Man nehme zwei Opern, deren Grundthemen sich ähneln, die ansonsten aber keine Verbindung zueinander aufweisen, füge der Handlung des einen Werkes eine Figur aus dem jeweils anderen hinzu und schüttle das Ergebnis einmal kräftig: etwa lässt sich Paul Esterhazys Inszenierung von Alexander Zemlinskys Der Zwerg und Luigi Dallapiccolas Der Gefangene beschreiben.
Im Programmheft erklärt der Regisseur seine Idee der „radikalen Verschränkung“ der beiden Werke als Labyrinth von Bildern und Motiven ausgehend von einem Albtraum, den die Figur der Mutter in Dallapiccolas Oper erwähnt. Bis zur Pause funktioniert das auch ganz nachvollziehbar: In einem gefängnisartigen, kahlen Einheitsbühnenbild spielt sich zunächst Der Zwerg als Psychogramm einer gestörten Gesellschaft ab. Die Zofen haben Ticks, Don Estoban erscheint als eine Art Gefängnisaufseher und die Infantin ist eine hinterhältige Intrigantin in Blair-Waldorf-Optik. Der von ihr erniedrigte Zwerg erscheint hingegen als einzig menschliche Komponente in der Welt der Grausamkeit.
Für die zweite Oper des Abends, Der Gefangene, wurde die Szenerie gespiegelt, an die Stellen der Solistinnen und der Chordamen traten nun Kinder, die Zofe Ghita wurde zur Mutter des Gefangenen. Während dieser von seiner Gefangenschaft erzählte, spielte sich die zuvor schon im Zwerg gezeigte Handlung Szene für Szene gleich ab, was sich für mich vor allem mit dem Libretto oft sehr spießte. Insgesamt hatte ich den Eindruck, dass zu Gunsten einer Idee beiden Opern ein Konzept übergestülpt wurde, das bei einem Werk gut, beim anderen weniger gut und in Kombination überhaupt nicht funktionierte. Musikalisch war die Sache hingegen eindeutiger, denn Dirk Kaftan zog bei seiner letzten Premiere als Chefdirigent in Graz nochmals alle Register.

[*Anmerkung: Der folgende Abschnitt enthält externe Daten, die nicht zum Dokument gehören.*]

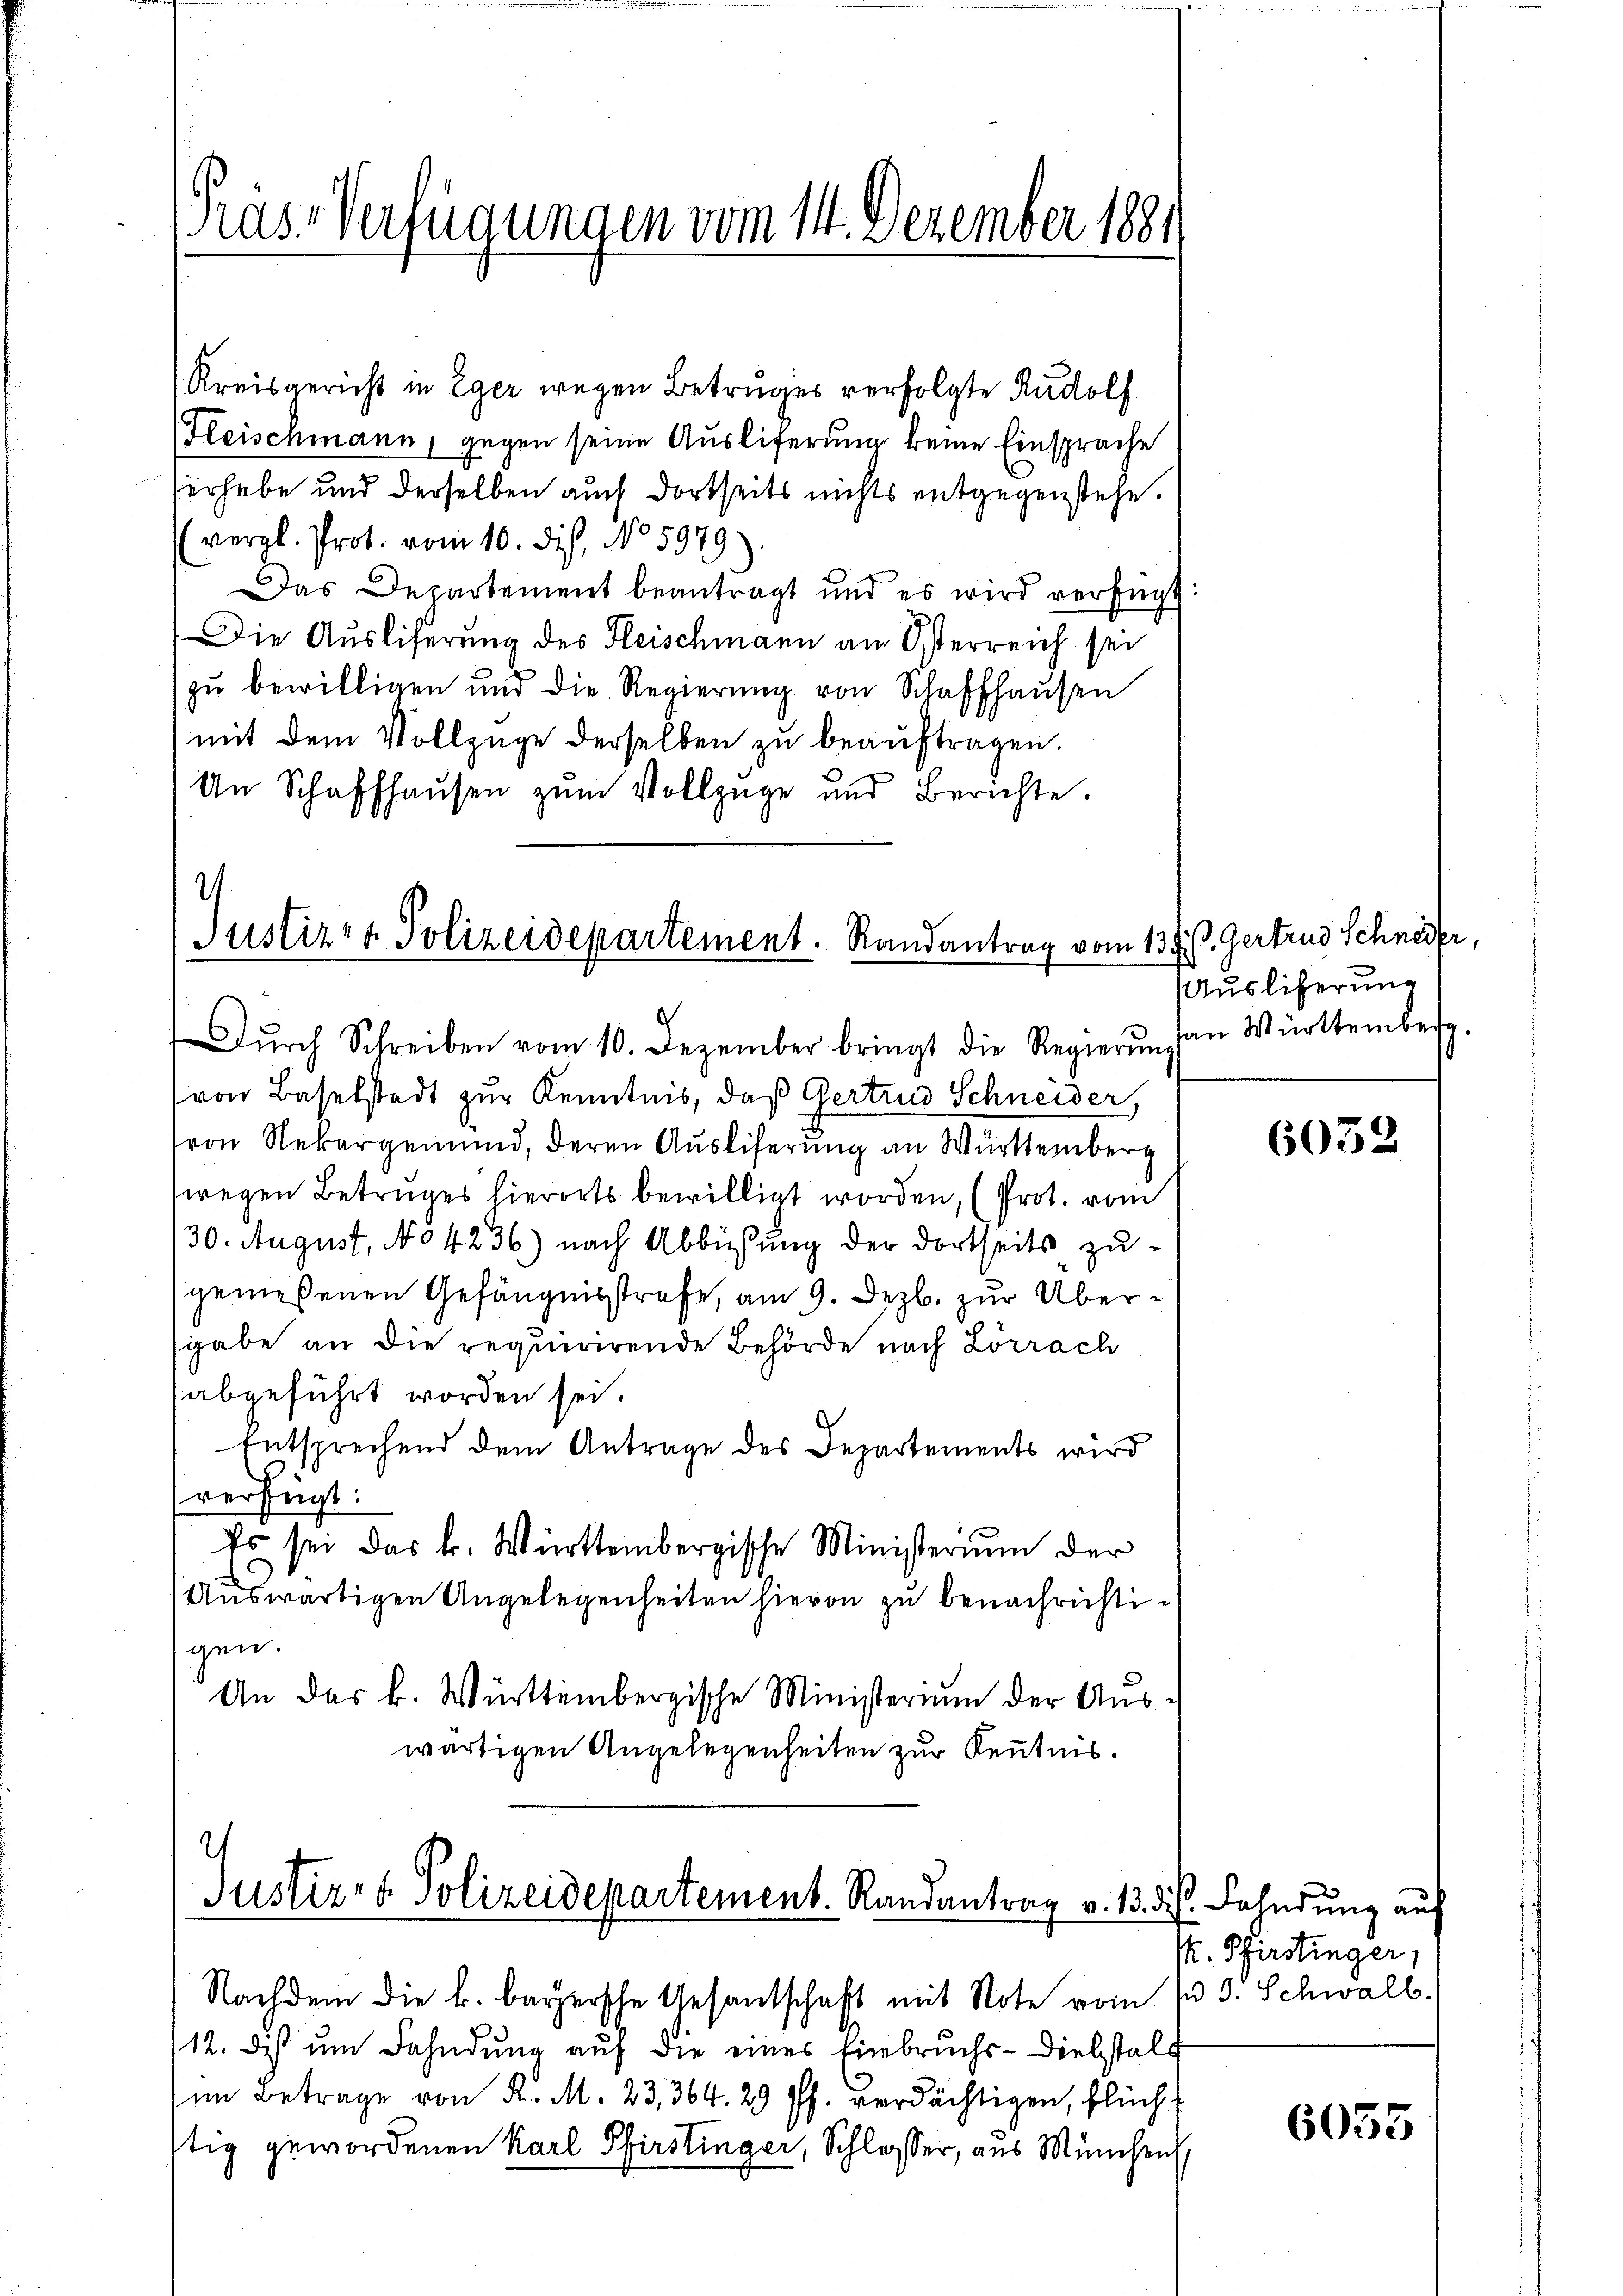
Kreisgericht in Eger wegen Betruges verfolgte Rudolf
Hleischmann, gegen seine Auslieferung keine Einsprache
fürhabe und derselben auch dortseits nichts entgegenstehe.
(vergl. Prot. vom 10. dis, No 5979
Das Departement beantragt und es wird verfügt:
Die Ausliferung des Fleischmann an Österreich sei
zu bewilligen und die Regierung von Schaffhausen
mit dem Vollzüge derselben zu beauftragen.
An Schaffhaŭsen zŭm Vollzüge und Berichte.

as-Verfügungen vom 14. Dezember 1881

Dŭrch Schreiben vom 10. Dezember bringt die Regierŭng an Württemberg
von Baselstadt zur Kenntnis, daß Gertrud Schneider,
von Nekargemund, deren Ausliferung an Württemberg
wegen Betruges hierorts bewilligt worden, (Prot. vom
130. August, No 4236) nach Abbüßung der dortseits zugemeßenen Gefängnisstrafe, am 9. Dezb. zur Übersgabe an die requirirende Behörde nach Lörrach
abgeführt worden sei.
Entsprechend dem Antrage des Departements wird
verfügt:
Es sei das k. Württembergische Ministerium der
Auswärtigen Angelegenheiten hievon zu benachrichtigen.
An das k. Württembergische Ministerium der Auswärtigen Angelegenheiten zur Kenntnis.

Nachdem die k. bayersche Gesantschaft mit Note vom 13. Schwall.
12. Dies um Fahndung auf die eines Einbruchs-Diebstalt
im Betrage von K. M. 23, 364. 29 ff. verdächtigen, flüchstig gewordenen Karl Pfirstinger, Schlosser, aus München

.
Justiz- & Polizeidepartement. Randantrag vom 1

d

Justiz- & Polizeidepartement. Randantrag v. 13. d.

3. Gertrud Schneier,
3
Auslieferung

6032

ist. Fahndung auf
s. Pfirstinger,

6053

Die dekadente Hofgesellschaft in Der Zwerg malte er mit dem Orchester in kühlen Farben und einer mitschwingenden Bedrohlichkeit, die er vielschichtig ausdifferenzierte. Präzise Akzente fanden ebenso Raum wie große, raumgreifende Klangschwälle, die stellenweise etwas zu euphorisch gerieten und die Sänger beinahe unter sich zu begraben drohten. Tatjana Miyus als Infantin Donna Clara ließ sich dadurch jedoch nicht zum Forcieren verleiten, sondern umschiffte diese Momente mit technischer Sicherheit und spielte in den weniger dramatischen Passagen ihre Stärken gezielt aus. Ihre eigentlich warm timbrierte Stimme färbte sie merklich kühl und entlockte ihr so ganz neue, gläserne Facetten, die sich ideal mit ihrer Darstellung der Grausamen ergänzten. Den Gegenpol zur frostigen Prinzessin lieferte Aleš Briscein mit seinem hellen Timbre und leidenschaftlicher vokaler Gestaltung. Lediglich über ein paar exponierte Töne musste er sich etwas dünn retten, ansonsten blieben weder stimmlich noch darstellerisch Wünsche offen, da er sich mit vollem Einsatz in die Rolle warf, etwa als der Zwerg sich selbst das erste Mal im Spiegel erkennen muss.